Provided records →
== Segment start ==
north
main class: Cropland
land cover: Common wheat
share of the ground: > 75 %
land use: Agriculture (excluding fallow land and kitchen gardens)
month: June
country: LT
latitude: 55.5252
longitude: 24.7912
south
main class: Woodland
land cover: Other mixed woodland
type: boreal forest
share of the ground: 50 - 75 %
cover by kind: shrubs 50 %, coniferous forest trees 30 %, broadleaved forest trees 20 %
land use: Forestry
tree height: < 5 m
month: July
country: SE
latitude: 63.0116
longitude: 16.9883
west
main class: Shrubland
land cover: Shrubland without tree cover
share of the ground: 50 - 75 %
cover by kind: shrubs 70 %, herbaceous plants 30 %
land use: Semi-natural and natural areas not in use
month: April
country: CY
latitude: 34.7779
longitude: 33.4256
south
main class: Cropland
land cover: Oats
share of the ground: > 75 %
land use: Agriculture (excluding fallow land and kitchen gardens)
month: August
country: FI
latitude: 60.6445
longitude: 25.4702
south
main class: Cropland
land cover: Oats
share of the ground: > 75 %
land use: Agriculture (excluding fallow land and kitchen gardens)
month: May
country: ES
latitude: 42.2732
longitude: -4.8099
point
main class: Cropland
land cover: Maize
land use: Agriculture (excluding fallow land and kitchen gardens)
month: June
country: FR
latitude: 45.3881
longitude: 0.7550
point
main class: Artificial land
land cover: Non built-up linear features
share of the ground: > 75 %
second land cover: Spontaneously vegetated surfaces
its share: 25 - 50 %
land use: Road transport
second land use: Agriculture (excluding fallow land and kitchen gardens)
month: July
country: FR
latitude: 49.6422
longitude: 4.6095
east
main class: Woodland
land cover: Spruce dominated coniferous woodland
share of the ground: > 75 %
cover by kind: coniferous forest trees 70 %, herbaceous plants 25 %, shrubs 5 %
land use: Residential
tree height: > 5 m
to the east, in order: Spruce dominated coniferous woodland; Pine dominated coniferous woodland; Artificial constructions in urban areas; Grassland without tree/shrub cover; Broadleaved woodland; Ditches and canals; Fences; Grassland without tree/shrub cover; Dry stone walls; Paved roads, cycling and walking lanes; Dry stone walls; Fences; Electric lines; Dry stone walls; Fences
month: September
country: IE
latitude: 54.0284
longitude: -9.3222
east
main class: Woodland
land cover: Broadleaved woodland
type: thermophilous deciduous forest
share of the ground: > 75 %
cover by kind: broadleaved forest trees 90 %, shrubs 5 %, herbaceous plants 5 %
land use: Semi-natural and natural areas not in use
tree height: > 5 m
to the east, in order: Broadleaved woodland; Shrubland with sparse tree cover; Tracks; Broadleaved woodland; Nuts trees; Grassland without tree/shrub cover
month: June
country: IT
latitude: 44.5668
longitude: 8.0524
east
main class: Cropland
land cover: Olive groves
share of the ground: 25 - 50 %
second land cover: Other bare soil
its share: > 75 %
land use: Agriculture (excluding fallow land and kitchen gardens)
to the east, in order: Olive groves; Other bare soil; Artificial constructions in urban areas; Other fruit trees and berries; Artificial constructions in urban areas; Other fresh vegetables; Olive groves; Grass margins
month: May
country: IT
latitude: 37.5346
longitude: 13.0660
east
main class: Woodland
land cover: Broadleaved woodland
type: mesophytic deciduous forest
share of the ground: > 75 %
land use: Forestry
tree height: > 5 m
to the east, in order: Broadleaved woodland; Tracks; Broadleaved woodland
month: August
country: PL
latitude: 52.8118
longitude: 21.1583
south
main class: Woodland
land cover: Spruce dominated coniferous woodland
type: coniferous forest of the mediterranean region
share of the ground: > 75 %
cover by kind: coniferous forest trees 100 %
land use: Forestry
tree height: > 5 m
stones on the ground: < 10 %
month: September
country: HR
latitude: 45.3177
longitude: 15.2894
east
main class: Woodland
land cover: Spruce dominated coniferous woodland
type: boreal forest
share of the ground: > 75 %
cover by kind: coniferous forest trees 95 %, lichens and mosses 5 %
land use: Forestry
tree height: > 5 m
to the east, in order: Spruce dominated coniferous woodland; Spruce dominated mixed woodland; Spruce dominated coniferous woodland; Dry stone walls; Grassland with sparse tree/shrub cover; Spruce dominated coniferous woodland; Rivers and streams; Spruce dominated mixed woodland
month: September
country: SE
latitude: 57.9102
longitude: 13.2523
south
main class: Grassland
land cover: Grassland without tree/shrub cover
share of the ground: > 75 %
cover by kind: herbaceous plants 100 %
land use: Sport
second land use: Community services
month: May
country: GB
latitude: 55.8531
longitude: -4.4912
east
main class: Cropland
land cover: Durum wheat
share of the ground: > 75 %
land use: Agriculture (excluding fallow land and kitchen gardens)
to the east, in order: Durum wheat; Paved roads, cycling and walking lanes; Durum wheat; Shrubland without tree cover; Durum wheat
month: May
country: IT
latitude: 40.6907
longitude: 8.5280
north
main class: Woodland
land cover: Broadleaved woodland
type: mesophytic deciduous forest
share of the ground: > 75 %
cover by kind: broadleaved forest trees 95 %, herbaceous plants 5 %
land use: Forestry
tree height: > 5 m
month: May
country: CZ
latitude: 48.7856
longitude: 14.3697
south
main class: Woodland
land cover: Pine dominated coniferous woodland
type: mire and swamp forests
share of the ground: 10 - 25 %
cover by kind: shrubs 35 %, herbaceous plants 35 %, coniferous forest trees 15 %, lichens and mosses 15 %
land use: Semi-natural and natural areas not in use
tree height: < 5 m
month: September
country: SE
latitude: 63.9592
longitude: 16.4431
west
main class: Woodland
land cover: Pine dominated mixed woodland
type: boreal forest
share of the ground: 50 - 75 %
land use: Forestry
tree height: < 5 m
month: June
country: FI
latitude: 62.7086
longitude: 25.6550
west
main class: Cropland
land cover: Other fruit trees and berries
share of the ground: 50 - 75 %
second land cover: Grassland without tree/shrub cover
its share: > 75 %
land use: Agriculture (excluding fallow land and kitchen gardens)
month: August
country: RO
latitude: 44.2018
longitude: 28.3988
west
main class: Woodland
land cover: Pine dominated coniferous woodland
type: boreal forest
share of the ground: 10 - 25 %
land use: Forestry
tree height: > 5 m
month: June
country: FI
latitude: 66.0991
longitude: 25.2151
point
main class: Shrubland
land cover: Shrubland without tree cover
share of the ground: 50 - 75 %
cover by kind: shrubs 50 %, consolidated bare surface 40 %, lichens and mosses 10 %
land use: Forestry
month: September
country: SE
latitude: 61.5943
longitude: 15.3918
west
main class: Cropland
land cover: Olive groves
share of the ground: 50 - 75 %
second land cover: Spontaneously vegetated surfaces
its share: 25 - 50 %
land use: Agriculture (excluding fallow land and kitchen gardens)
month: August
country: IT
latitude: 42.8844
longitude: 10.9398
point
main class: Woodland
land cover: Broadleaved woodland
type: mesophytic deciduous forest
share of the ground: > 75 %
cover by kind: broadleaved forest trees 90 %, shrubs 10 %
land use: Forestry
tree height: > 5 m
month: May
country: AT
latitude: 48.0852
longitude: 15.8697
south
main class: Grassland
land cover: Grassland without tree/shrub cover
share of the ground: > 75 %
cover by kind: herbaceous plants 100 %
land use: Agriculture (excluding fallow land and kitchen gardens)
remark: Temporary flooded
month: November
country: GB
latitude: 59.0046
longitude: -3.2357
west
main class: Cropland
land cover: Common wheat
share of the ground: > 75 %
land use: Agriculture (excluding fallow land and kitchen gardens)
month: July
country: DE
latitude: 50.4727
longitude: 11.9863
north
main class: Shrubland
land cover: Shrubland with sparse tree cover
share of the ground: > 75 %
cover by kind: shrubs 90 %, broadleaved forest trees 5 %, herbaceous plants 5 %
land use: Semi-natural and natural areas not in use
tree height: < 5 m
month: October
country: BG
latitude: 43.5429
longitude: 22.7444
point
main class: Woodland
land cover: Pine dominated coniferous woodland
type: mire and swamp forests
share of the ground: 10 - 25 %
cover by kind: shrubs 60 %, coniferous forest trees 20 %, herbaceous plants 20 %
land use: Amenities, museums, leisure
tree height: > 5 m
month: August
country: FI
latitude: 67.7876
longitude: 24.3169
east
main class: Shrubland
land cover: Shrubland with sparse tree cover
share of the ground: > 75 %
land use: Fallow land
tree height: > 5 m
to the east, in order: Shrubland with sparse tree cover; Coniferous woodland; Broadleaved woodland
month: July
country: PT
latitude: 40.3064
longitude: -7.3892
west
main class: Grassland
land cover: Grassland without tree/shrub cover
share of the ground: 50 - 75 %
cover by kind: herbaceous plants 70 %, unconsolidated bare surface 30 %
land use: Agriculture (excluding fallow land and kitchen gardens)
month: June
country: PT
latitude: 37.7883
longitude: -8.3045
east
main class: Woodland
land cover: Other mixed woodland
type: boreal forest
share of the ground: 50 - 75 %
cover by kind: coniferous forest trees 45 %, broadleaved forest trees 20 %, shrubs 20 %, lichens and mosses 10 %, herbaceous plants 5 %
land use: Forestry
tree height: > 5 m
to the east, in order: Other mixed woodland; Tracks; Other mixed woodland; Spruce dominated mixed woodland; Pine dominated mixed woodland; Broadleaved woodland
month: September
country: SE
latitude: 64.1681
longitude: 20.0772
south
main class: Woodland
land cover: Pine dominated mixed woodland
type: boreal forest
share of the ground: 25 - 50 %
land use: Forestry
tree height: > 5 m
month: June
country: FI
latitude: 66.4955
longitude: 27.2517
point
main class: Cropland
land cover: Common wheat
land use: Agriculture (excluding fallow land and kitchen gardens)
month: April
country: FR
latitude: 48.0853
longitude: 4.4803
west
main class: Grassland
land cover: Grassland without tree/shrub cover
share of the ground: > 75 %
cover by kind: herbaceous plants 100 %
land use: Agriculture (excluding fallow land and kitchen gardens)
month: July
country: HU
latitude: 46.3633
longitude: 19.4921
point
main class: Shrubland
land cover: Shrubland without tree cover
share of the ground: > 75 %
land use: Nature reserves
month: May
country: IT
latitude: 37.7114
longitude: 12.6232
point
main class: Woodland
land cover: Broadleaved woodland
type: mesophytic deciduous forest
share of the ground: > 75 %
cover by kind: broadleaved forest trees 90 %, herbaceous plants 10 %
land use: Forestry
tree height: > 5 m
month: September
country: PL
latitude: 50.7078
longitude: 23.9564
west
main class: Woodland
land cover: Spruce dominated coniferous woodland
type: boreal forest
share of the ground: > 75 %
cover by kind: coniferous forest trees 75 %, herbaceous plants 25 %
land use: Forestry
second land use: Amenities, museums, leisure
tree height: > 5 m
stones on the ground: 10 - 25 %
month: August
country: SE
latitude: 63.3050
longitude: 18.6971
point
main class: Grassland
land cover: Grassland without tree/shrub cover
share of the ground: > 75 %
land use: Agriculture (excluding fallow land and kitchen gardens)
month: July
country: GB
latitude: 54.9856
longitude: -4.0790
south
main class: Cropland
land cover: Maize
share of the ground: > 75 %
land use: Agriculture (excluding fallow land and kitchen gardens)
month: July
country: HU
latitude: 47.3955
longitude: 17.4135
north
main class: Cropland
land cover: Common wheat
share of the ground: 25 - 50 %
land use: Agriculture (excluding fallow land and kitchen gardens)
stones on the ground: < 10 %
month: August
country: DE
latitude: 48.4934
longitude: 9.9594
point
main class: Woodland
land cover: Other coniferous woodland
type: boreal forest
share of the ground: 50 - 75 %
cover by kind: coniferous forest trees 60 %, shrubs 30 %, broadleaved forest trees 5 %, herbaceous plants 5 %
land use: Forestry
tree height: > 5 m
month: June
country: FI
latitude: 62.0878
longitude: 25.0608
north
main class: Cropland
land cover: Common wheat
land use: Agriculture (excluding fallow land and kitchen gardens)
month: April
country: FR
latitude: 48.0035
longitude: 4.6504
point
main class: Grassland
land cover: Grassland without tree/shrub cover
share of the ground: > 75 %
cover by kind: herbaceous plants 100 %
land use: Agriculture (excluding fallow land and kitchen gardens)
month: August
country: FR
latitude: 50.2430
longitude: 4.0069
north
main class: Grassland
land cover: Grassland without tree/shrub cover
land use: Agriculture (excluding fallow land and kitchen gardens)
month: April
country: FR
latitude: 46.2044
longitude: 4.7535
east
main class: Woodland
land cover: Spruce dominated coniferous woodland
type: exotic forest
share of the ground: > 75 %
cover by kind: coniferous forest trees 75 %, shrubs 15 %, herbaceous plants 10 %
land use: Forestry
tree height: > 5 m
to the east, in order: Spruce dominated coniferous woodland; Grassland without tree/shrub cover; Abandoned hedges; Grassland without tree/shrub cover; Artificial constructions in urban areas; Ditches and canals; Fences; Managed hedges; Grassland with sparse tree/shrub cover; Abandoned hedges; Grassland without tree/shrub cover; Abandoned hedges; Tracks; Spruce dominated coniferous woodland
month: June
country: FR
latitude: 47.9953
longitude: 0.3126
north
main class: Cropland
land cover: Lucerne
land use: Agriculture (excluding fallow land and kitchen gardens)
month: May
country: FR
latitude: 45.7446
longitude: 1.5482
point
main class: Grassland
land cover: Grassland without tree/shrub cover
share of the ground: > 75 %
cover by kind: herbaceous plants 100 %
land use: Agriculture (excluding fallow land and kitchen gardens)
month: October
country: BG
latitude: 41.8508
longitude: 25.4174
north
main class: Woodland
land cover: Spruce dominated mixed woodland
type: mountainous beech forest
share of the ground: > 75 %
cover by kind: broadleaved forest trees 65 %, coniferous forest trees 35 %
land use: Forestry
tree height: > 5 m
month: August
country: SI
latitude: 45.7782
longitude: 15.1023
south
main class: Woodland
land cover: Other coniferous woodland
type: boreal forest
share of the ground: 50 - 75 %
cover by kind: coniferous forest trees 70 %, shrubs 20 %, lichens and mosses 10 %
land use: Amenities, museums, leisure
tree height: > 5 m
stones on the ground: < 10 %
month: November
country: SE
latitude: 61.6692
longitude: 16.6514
== Segment end ==
Assignment → Restate, word for word, the listing above from its first line through the line that contains "cover by kind: shrubs 70", keeping both of those lines.

Completed task →
north
main class: Cropland
land cover: Common wheat
share of the ground: > 75 %
land use: Agriculture (excluding fallow land and kitchen gardens)
month: June
country: LT
latitude: 55.5252
longitude: 24.7912
south
main class: Woodland
land cover: Other mixed woodland
type: boreal forest
share of the ground: 50 - 75 %
cover by kind: shrubs 50 %, coniferous forest trees 30 %, broadleaved forest trees 20 %
land use: Forestry
tree height: < 5 m
month: July
country: SE
latitude: 63.0116
longitude: 16.9883
west
main class: Shrubland
land cover: Shrubland without tree cover
share of the ground: 50 - 75 %
cover by kind: shrubs 70 %, herbaceous plants 30 %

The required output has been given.